そのため今回は、「周囲のサポート」をテーマに、私が経験を通して感じたことをお伝えします。サポート方法はもちろん、実施にあたっての注意点や支援体制のつくり方など記載しました。
この記事が、スタートアップで働く中でうつ病でダウンした人への支援を始め、出資先や社内メンバー関わらず、共に働く人や大切な人に対し「あれ、いつもと様子が違う?大丈夫かな?」と感じた時にも役立ててほしいです。
なお、本記事ではメンバーに向けた支援を中心にご紹介しています。代表に向けたサポートについてはこちらをご覧ください。
本記事を読むに当たっての注意点:
・この記事は「病院を受診する前~初診後」を想定しています。周囲が異変を感じた場合、迷わず医療機関への受診を勧めてください。
→私自身、発症時に周りから言われるまで受診の選択肢がありませんでした。初診後だけでなく、病院に行く前の時期から対策を取ることが重要だと感じ、今回記載しています。
・あくまでも私の経験から記載をしています。そのため参考や指針に留め、相手とご自分、周囲の状況からご判断ください。
■サポートにあたっての注意点
まず、「サポートする人が無理のない範囲で行う」を大前提にしてください。メンタルヘルス領域は「ミイラ取りがミイラに」を地で行く領域です。「支援者との共依存」や「サポート側の負担が限界を越え、二次被害が発生する」など、共倒れになった話は枚挙に暇がありません。
しかし、周囲の人の助けや声がけが、本人の回復や予防に大きく寄与するのも事実です。簡単な挨拶や日常の雑談などでも、当事者にとってはしっかり助けになっています。
実際、私も同じような経験があります。周囲に退任を伝えた直後、多くの友人やスタートアップ仲間が声をかけてくれました。この言葉が、「私は一人じゃなかった。自分が見えてなかっただけで、今も変わらず応援してくれてたんだ」と自分を立て直すきっかけになりました。

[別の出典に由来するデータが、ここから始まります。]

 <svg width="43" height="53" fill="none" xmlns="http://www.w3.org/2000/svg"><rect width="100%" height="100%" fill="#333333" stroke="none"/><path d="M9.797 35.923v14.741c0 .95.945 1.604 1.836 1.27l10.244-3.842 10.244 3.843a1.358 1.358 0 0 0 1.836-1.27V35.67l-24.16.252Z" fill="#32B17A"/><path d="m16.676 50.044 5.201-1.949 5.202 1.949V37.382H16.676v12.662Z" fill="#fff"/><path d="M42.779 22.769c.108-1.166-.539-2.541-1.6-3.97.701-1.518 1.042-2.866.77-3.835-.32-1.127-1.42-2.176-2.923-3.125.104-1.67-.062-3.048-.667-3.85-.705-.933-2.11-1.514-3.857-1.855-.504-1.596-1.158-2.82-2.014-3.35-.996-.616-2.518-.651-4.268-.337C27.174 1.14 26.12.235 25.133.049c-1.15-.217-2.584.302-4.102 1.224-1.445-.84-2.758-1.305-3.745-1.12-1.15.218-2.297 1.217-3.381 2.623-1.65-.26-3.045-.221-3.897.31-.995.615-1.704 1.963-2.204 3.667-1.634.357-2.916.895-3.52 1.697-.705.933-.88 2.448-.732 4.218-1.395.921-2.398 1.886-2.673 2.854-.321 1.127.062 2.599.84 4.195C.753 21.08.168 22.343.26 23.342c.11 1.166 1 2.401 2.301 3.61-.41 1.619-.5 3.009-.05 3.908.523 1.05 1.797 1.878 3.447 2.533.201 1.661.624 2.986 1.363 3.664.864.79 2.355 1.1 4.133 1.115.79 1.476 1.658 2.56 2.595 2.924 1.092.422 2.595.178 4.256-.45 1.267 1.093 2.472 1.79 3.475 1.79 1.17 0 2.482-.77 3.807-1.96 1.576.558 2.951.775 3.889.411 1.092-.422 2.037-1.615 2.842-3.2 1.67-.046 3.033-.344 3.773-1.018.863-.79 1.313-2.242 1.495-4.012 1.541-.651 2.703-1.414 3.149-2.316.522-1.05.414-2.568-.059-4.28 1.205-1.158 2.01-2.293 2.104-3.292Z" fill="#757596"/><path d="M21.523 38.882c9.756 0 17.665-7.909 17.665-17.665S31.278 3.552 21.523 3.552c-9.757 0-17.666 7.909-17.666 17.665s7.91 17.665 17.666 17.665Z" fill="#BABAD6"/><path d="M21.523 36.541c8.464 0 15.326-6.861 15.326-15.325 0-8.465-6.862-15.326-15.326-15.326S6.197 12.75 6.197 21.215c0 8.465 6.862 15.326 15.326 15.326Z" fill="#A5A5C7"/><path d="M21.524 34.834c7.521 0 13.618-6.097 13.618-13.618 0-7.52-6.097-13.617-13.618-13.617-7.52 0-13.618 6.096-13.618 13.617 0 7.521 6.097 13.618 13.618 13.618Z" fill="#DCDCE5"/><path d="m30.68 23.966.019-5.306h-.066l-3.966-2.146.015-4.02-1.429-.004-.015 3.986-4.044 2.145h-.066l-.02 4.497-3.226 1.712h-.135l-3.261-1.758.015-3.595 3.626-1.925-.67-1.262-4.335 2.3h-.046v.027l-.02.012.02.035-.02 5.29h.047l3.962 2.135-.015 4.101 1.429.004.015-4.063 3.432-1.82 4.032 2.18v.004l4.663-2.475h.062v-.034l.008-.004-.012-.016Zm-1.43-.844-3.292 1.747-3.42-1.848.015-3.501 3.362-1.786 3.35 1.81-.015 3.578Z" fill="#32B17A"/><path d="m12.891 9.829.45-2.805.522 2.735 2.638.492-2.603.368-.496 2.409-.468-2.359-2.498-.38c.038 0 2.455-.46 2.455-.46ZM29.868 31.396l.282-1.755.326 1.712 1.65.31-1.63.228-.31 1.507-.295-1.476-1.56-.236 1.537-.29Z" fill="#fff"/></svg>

なので周囲の皆さんはあまり構えず、小さくても大きくても、無理のない範囲でのサポートをお願いします。
■サポート体制について
・複数のメンバー、異なる部署や所属での対応を
スタートアップに限らず、メンバーがうつ病でダウンした場合、近しい上司や同僚などがサポートするのがよくある事例かと思います。ただ可能であれば、チームや所属が異なる複数人でサポートにあたることをおすすめしたいです。
この時、対応するメンバーは連携ができているようであれば、出資側のVCや顧問など、社外パートナーでも問題ありません。
スタートアップではリソース的に難しいと分かった上で、「複数メンバー」、「異なる部署や所属」をすすめる理由は大きく2つあります。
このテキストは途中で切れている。